Here’s a brief overview of U-Net for a refresher:

U Net Architecture, from U Net article
U Net Architecture, from U Net article

U-Net is famed for its symmetrical structure, taking the form of a ‘U’. This architecture is composed of two distinct pathways:

  1. Contracting Pathway (Left): Here, we progressively decrease the resolution of the image while increasing the number of filters.
  2. Expanding Pathway (Right): This pathway acts as the mirror image of the contracting pathway. We gradually decrease the number of filters while increase the resolution until it aligns with the original image size.

The beauty of U-Net lies in its innovative use of ‘residual connections’ or ‘skip connections‘. These connect corresponding layers in the contracting and expanding paths, allowing the network to retain high-resolution details that are usually lost in the contracting process.

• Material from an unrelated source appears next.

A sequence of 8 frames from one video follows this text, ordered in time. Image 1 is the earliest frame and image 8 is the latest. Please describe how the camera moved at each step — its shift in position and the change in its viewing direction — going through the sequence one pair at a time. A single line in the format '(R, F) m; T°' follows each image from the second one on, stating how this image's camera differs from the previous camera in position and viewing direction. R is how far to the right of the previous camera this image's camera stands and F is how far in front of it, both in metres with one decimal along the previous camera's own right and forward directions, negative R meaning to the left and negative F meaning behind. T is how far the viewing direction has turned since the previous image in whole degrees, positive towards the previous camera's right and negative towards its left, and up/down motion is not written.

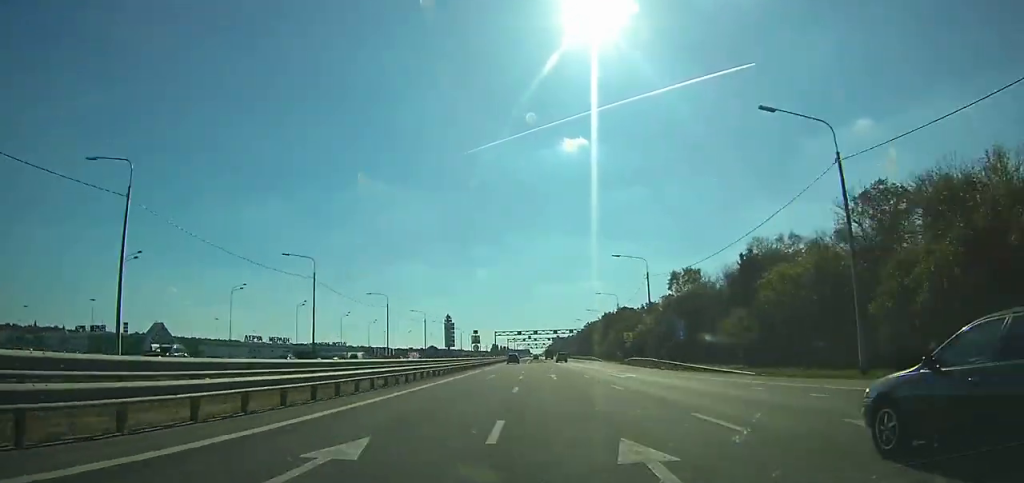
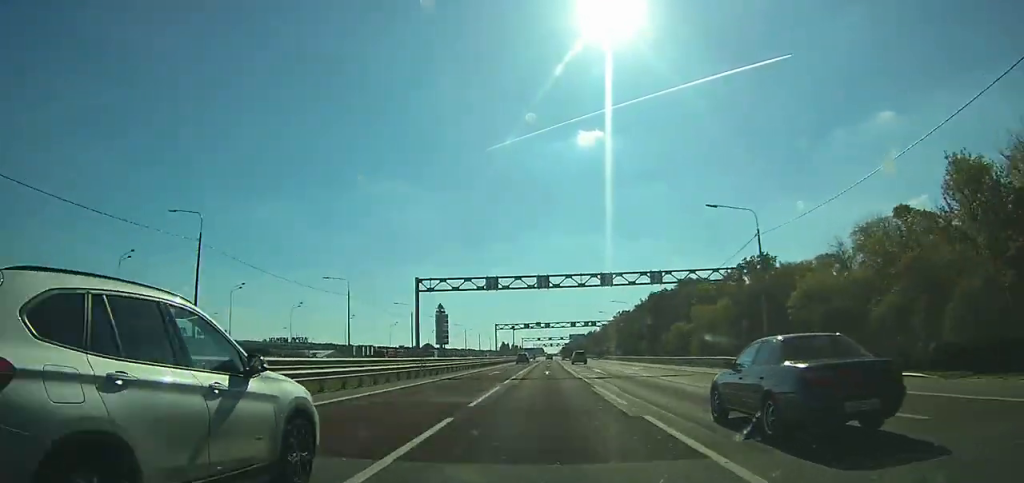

Residual Connection, from U Net paper
Residual Connection, from U Net paper

Why does this matter? Because it eases the gradient flow during backpropagation, particularly in the early layers. In essence, we circumvent the risk of vanishing gradients – a common problem where gradients approach zero, hindering the learning process:

Image from Author
Image from Author

Now, bearing this understanding of U-Net in mind, let’s transition into the world of V-Net. At its core, V-Net shares a similar encoder-decoder philosophy. But as you’ll soon discover, it comes with its own set of unique traits that set it apart from its sibling, U-Net.

V-Net Architecture, from VNet paper
V-Net Architecture, from VNet paper

What sets V-Net apart from the U-Net?

Let’s dive in!

Difference 1: 3D Convolutions instead of 2D convolutions

The first difference is as clear as day. While U-Net was tailored for 2D image segmentation, medical images often require a 3D perspective (think of volumetric brain scans, CT scans, etc.).

This is where V-Net comes into play. The ‘V’ in V-Net stands for ‘Volumetric,’ and this dimensionality shift requires the replacement of 2D convolutions with 3D convolutions.

Difference 2: Activation Functions, PreLU instead of ReLU

The realm of Deep Learning has fallen in love with the ReLU function, owing to its simplicity and computational efficiency. Compared to other functions like sigmoid or tanh, ReLU is "non-saturating," meaning it reduces the issue of vanishing gradients.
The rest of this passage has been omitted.